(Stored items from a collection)
▼
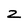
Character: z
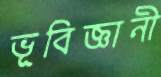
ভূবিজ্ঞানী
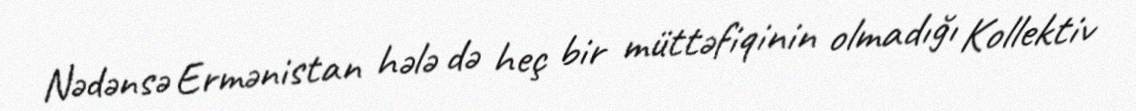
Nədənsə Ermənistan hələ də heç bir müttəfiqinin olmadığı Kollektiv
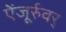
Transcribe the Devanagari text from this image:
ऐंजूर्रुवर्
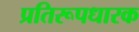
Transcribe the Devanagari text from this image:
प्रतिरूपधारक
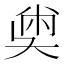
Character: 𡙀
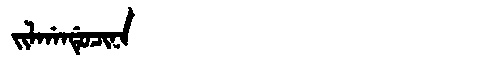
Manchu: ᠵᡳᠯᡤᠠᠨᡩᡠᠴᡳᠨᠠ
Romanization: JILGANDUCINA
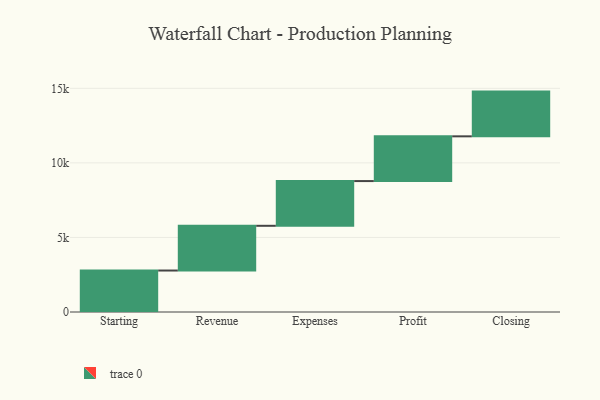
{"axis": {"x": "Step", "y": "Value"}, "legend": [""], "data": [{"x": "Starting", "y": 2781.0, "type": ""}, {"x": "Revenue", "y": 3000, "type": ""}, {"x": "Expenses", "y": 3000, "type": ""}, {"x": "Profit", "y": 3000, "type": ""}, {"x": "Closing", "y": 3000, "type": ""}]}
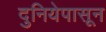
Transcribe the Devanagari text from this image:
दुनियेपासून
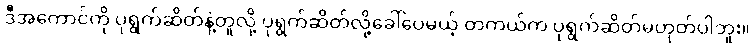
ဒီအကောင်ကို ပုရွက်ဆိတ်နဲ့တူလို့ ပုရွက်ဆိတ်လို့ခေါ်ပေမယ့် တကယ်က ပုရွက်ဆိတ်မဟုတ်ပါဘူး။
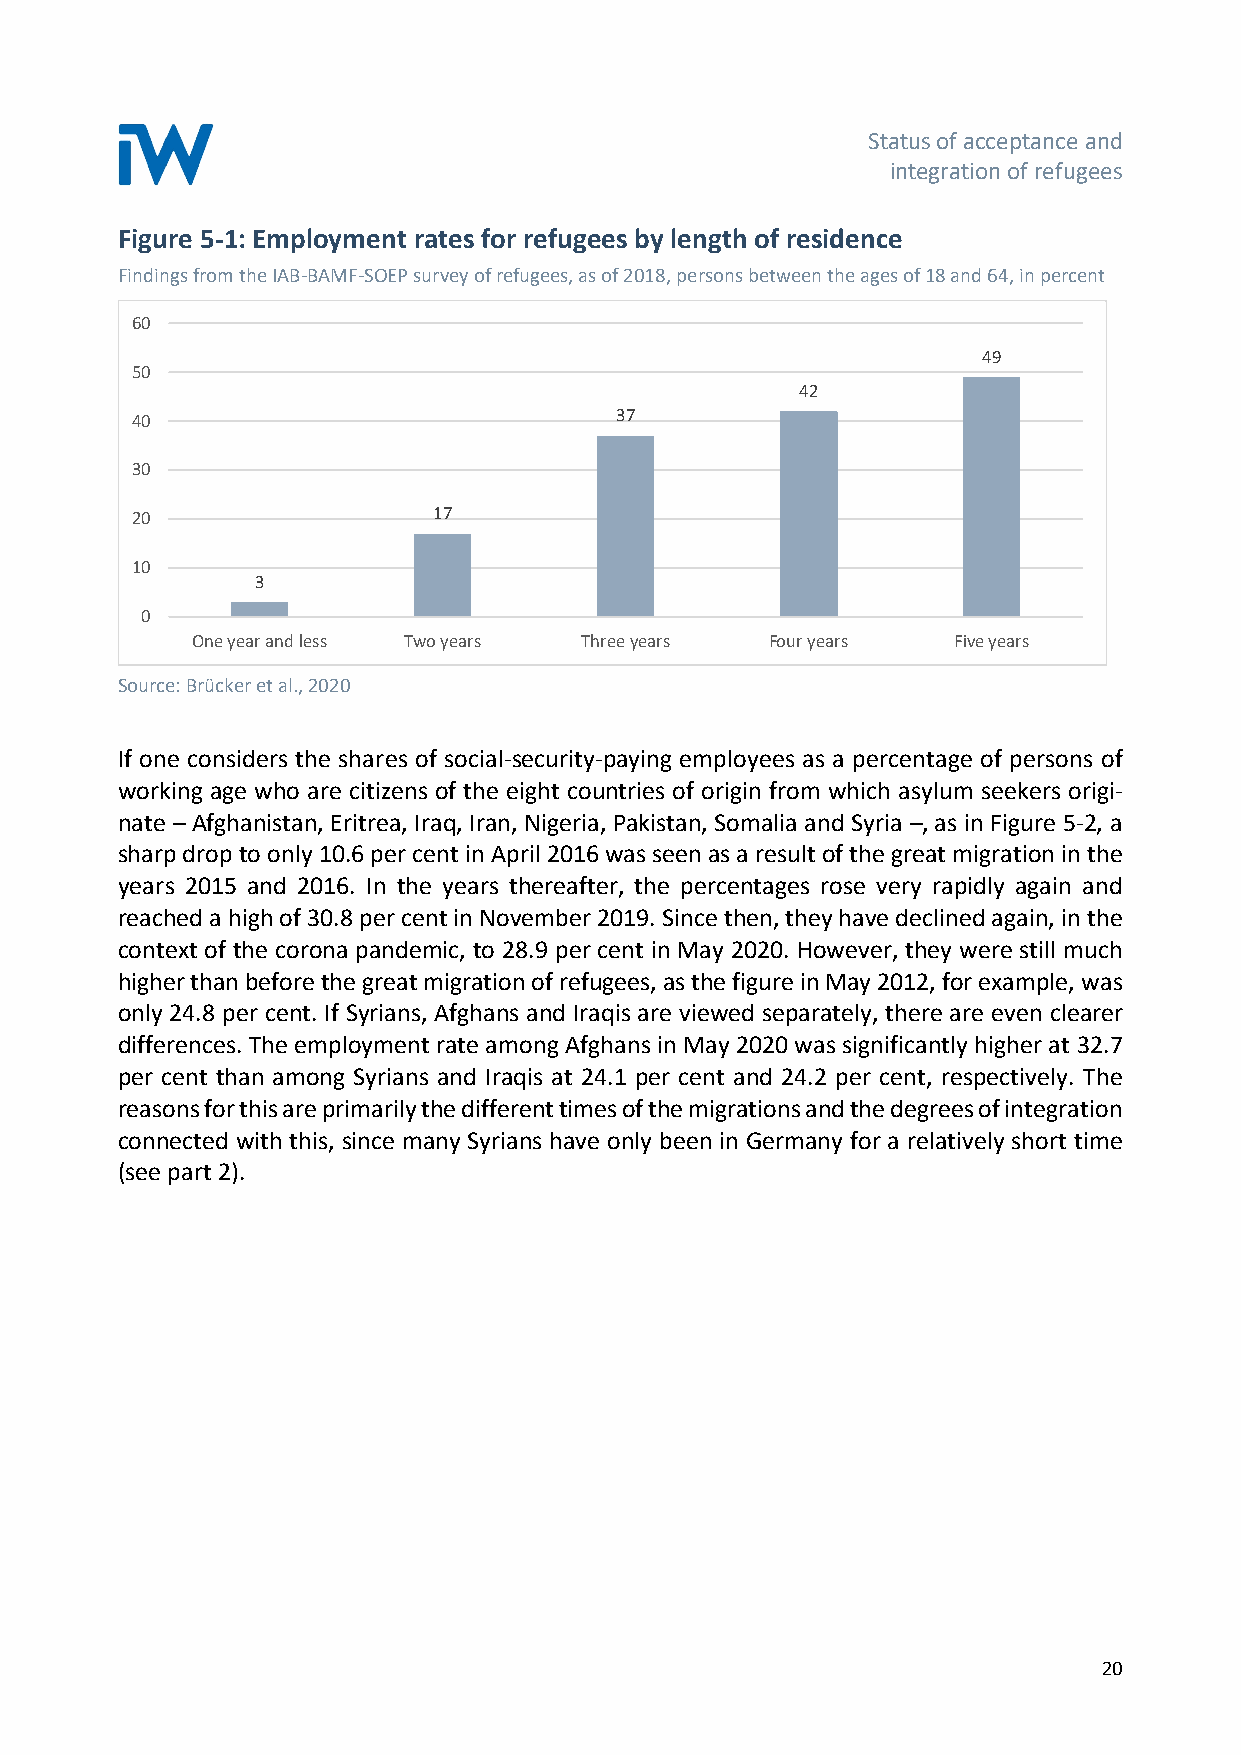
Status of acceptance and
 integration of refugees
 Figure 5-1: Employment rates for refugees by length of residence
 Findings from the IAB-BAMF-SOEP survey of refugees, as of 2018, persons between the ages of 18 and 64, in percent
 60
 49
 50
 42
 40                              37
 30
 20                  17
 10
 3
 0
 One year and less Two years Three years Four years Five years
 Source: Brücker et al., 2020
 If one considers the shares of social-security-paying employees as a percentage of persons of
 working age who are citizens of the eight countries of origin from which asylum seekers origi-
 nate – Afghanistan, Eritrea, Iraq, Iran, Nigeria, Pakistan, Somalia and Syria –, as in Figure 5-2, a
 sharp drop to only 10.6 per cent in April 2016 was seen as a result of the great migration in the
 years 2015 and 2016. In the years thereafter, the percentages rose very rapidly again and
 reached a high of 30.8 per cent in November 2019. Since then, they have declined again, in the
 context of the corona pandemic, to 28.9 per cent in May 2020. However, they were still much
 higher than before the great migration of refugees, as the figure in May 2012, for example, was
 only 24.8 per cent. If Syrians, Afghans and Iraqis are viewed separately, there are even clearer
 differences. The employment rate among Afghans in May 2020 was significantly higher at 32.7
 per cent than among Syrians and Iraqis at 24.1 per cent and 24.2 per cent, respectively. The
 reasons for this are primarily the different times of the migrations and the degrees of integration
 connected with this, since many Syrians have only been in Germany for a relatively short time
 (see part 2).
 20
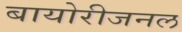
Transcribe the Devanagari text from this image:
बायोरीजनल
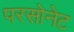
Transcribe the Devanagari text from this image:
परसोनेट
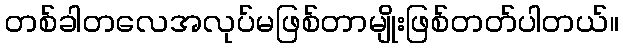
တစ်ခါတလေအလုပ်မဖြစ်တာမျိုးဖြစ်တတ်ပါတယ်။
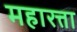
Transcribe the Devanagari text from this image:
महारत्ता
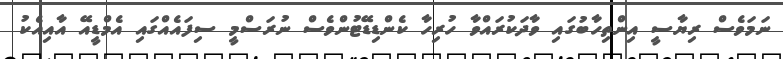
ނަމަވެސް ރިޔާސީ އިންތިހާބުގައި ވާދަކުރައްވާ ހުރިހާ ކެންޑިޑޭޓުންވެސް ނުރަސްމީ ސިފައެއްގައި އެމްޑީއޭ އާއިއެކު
▲
- _Task statement_: The required output is every line above from the one with "working age who" down to the one with "reasons for this", restated word for word, ends included.

- _Answer space_:
 working age who are citizens of the eight countries of origin from which asylum seekers origi-
 nate – Afghanistan, Eritrea, Iraq, Iran, Nigeria, Pakistan, Somalia and Syria –, as in Figure 5-2, a
 sharp drop to only 10.6 per cent in April 2016 was seen as a result of the great migration in the
 years 2015 and 2016. In the years thereafter, the percentages rose very rapidly again and
 reached a high of 30.8 per cent in November 2019. Since then, they have declined again, in the
 context of the corona pandemic, to 28.9 per cent in May 2020. However, they were still much
 higher than before the great migration of refugees, as the figure in May 2012, for example, was
 only 24.8 per cent. If Syrians, Afghans and Iraqis are viewed separately, there are even clearer
 differences. The employment rate among Afghans in May 2020 was significantly higher at 32.7
 per cent than among Syrians and Iraqis at 24.1 per cent and 24.2 per cent, respectively. The
 reasons for this are primarily the different times of the migrations and the degrees of integration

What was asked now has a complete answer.